Play 2 Learn  – Review and Giveaway


Reviewed by Grace

Play 2 Learn by Speech2teach is a straightforward sound and picture matching app for practicing listening and auditory discrimination skills.   Close to 90 pairs of sound and corresponding pictures of  everyday items and occurrences are included in this app.  For the purpose of this review, this iPhone app was played on an iPad using the 2x mode.

This app is easy to play.   To start, tap the ‘Play’ button to hear the sound to be matched and ask your child to find the corresponding picture out of the nine shown in a deck.  To listen to the sound again, just tap the ‘Repeat’ button.  If your child gets it right, he will be rewarded with an audio reinforcement and see the picture being enlarged.  You then tap the ‘Play’ button again to proceed to the next sound.   If the wrong picture was chosen, a muted audio feedback will be heard and your child will have to try again.
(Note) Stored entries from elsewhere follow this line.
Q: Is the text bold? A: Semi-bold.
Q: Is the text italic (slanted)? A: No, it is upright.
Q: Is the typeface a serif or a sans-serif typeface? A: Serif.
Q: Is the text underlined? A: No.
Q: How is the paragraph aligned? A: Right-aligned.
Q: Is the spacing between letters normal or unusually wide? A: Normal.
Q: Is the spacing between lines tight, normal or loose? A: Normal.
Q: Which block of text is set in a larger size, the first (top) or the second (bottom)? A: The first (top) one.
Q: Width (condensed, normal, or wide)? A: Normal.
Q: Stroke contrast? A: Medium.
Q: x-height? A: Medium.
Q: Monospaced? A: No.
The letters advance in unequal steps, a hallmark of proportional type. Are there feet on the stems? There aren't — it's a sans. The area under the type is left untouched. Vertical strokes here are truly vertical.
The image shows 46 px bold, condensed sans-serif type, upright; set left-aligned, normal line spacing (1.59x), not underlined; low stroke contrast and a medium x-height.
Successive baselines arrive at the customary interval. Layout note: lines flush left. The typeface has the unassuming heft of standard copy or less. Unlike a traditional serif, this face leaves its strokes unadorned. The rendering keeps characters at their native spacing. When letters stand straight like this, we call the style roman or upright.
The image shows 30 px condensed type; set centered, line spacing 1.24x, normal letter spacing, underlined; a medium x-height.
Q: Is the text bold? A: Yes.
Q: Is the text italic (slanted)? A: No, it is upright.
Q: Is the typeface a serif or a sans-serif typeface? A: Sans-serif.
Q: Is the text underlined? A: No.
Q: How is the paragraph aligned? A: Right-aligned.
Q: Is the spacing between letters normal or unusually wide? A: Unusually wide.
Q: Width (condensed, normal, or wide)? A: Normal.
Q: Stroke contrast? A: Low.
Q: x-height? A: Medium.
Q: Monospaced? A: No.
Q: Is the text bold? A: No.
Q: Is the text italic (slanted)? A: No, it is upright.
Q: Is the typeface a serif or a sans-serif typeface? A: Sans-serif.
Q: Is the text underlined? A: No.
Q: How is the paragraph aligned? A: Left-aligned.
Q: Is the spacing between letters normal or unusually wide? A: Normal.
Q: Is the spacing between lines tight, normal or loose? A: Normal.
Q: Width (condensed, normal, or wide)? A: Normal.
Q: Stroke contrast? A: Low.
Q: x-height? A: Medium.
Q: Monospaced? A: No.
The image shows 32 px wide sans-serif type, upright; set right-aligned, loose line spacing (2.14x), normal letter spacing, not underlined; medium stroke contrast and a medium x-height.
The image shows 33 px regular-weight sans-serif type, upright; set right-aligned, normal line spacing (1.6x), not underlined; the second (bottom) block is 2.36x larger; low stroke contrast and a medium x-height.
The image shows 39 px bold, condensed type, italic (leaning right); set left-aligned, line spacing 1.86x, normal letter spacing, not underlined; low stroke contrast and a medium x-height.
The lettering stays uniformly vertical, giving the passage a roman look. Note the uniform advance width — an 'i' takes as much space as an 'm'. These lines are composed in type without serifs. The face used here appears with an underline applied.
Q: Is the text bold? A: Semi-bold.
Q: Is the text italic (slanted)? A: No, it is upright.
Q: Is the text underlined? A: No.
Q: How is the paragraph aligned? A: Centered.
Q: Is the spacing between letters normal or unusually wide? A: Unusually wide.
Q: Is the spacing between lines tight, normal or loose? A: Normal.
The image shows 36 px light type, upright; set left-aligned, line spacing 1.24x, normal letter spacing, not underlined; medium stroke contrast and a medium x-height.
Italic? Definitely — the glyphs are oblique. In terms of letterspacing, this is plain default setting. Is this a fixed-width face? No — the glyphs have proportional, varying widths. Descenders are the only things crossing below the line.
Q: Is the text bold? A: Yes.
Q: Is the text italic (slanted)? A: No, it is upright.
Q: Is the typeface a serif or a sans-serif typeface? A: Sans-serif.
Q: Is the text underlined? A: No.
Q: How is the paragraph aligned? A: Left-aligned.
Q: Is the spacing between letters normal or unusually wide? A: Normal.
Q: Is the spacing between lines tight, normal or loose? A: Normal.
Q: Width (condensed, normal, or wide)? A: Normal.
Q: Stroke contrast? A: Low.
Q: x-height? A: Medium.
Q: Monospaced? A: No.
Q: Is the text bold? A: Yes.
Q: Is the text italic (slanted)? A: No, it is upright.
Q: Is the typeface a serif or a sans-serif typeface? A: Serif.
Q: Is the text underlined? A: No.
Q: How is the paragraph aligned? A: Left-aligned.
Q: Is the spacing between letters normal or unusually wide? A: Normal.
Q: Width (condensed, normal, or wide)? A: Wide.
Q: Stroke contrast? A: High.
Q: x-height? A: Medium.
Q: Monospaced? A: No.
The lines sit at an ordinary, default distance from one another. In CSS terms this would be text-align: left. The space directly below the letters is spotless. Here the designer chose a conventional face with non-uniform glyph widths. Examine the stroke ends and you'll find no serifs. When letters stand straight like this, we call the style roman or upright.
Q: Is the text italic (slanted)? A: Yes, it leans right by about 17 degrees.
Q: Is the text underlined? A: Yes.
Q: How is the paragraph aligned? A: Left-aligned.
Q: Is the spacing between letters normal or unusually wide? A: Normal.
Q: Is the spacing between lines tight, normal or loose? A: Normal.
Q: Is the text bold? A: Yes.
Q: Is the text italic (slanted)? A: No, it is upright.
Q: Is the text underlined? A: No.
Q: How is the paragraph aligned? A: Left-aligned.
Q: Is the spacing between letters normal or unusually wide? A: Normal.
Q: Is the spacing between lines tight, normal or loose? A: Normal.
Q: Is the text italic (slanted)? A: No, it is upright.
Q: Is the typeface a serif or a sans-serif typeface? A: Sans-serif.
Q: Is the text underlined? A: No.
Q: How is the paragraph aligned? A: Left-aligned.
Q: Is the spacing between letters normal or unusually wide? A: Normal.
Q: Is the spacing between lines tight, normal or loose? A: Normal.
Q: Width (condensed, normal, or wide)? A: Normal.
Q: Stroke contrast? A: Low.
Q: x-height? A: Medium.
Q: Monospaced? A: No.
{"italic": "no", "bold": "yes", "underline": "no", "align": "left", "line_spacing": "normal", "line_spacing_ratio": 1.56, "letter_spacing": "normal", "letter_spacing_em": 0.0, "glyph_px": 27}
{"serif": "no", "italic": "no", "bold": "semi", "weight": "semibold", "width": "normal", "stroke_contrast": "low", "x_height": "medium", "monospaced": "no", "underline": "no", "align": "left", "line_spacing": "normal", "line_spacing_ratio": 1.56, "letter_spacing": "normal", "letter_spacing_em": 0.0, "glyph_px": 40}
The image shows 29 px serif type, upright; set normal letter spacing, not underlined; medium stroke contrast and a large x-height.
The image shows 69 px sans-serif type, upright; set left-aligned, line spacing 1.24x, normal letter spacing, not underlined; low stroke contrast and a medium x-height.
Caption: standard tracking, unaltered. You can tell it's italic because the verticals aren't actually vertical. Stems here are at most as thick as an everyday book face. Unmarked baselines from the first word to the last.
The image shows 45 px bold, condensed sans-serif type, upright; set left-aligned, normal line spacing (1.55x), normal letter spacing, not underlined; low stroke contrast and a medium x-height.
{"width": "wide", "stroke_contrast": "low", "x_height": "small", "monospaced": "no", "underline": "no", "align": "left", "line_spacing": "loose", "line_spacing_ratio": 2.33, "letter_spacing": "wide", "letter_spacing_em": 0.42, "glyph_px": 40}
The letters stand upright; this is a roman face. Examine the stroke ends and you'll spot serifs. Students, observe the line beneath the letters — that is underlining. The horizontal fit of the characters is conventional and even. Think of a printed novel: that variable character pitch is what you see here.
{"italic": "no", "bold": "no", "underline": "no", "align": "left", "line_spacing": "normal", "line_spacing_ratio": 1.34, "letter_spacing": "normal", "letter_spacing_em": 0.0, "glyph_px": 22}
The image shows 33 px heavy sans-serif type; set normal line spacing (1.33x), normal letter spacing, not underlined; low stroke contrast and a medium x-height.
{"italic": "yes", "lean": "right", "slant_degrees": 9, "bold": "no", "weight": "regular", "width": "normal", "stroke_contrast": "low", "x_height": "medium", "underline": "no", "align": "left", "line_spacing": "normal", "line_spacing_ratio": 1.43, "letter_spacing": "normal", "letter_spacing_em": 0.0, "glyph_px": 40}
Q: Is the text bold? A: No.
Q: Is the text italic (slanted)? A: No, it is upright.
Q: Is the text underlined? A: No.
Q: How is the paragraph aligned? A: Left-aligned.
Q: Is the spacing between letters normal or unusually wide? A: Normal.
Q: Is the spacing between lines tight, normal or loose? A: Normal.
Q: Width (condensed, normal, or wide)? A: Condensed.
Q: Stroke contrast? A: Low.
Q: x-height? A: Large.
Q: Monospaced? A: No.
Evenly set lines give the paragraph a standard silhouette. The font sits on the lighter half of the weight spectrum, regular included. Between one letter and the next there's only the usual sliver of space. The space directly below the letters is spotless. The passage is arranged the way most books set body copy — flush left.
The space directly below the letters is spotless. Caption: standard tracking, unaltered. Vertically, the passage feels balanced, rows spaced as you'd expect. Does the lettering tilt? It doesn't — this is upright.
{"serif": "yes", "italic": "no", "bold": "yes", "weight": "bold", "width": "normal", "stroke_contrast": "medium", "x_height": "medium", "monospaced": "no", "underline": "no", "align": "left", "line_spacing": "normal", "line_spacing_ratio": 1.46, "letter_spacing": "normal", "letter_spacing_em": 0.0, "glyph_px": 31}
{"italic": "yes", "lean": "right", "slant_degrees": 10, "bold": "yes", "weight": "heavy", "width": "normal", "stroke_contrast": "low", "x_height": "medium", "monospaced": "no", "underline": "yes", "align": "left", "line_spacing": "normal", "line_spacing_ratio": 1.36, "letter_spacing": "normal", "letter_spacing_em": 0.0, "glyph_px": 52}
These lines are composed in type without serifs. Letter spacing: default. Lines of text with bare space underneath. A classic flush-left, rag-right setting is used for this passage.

Pictures are randomly shown in a deck but you can add some challenging fun by shuffling the 9 pictures in a deck during play or even shuffle all the pictures in a deck.  Some sounds are rather similar and your child may need your help to discriminate one sound from another.   It would be helpful if you point out the sounds that your child hears on a daily basis to sharpen his listening and observation skills.

Overall, Play 2 Learn is a useful app for exercising auditory discrimination skills and for learning the sounds that are made by different animals, objects and daily occurrences which our children (and ourselves too) may take for granted.